The 0.90 superblock goes at the end of the underlying partition.
- 1.0 puts the superblock at the end of the underlying partition.
- 1.2 puts the superblock 4 Kb from the start of the underlying partition
It's the sort of default for modern versions of
mdadm.
(You can see what format your current RAID arrays are using by looking
at /proc/mdstat. If an array doesn't say 'super <something>' it's
using 0.90 format metadata; otherwise, it's using whatever version it
says it is. Many relatively modern systems, such as Ubuntu 10.04, either
don't support anything past 0.90 or default to 0.90 in system setup.)
Where the superblock goes is potentially important for RAID-1 arrays. A RAID-1 array with the superblock at the end can relatively easily have whatever filesystem it contains mounted read-only without the RAID running, because the filesystem will start at the start of the underlying raw partitions; this can be important sometimes. A RAID-1 array with the superblock at or near the start of the underlying partitions can't have the raw partitions used this way, because you have to look somewhat beyond the start of the raw partition to see the filesystem.
(Some versions of mdadm will explicitly warn you about this or even
quiz you about it if you don't specify a format explicitly.)

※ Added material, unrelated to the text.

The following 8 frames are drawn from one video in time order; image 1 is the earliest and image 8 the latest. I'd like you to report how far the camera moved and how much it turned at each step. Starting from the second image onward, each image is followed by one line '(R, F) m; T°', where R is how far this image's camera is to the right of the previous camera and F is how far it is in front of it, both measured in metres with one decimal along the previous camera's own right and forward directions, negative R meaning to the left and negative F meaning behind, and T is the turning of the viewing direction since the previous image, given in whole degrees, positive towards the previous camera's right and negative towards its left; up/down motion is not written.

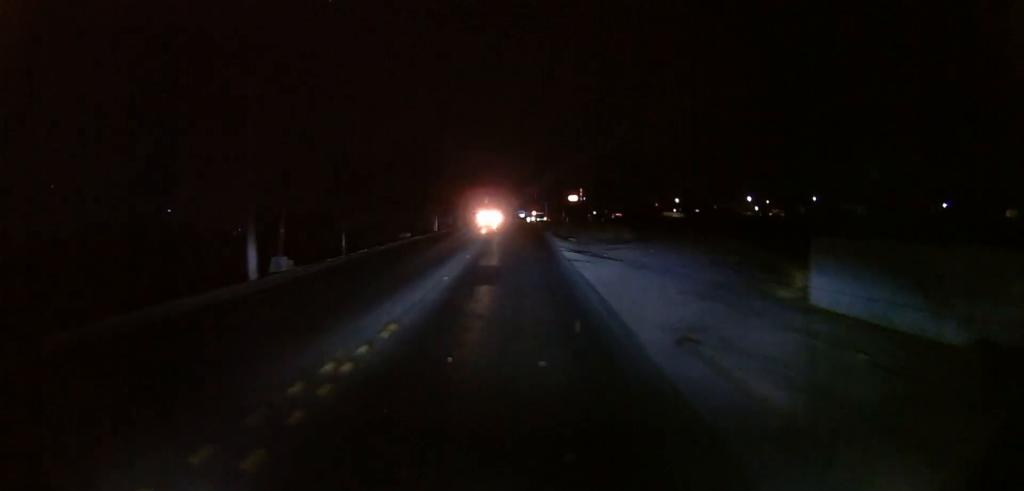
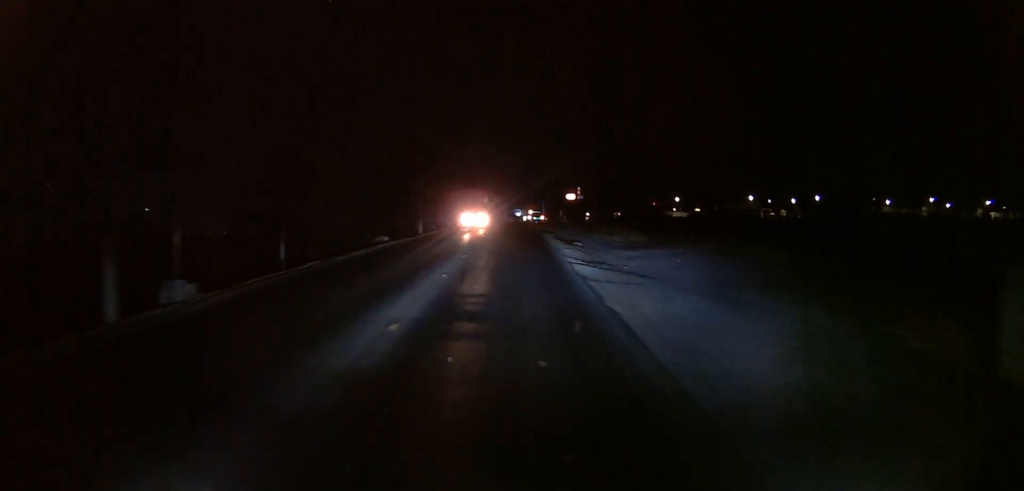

If you want to use a modern format and are going to directly use the
RAID-1 array for a filesystem, I would use 1.0 format (this is what
I've done for my new / and /boot). For swap areas you might as well
use 1.2 format; if you ever need to use swap without software RAID, you
can just destroy the 1.2 superblocks with mkswap. For LVM physical
volumes you can argue back and forth either way; right now I've chosen
1.2 format because I really don't want to think about what it would take
to safely bring up an LVM physical volume without software RAID running.
(LVM physical volumes have their own metadata, which normally goes at
the start of the 'raw' partition that LVM is using but which can be
replicated to the end as well. See pvcreate's manpage.)
As far as I know you can't change the superblock format of an array after it has been created, at least not without destroying it and recreating it. You can sort of do this without an extra disk with sufficient work, but really you want to get it right at creation time.
PS: note that in theory you can use dmsetup to gain access to
filesystems or other sorts of data that doesn't begin at the start of
a raw partition, so you can get at a filesystem embedded inside the
raw partition of a RAID-1 array with 1.2 format metadata. However this
requires user level intervention, which means that you're going to need
a rescue environment or rescue disk of some sort.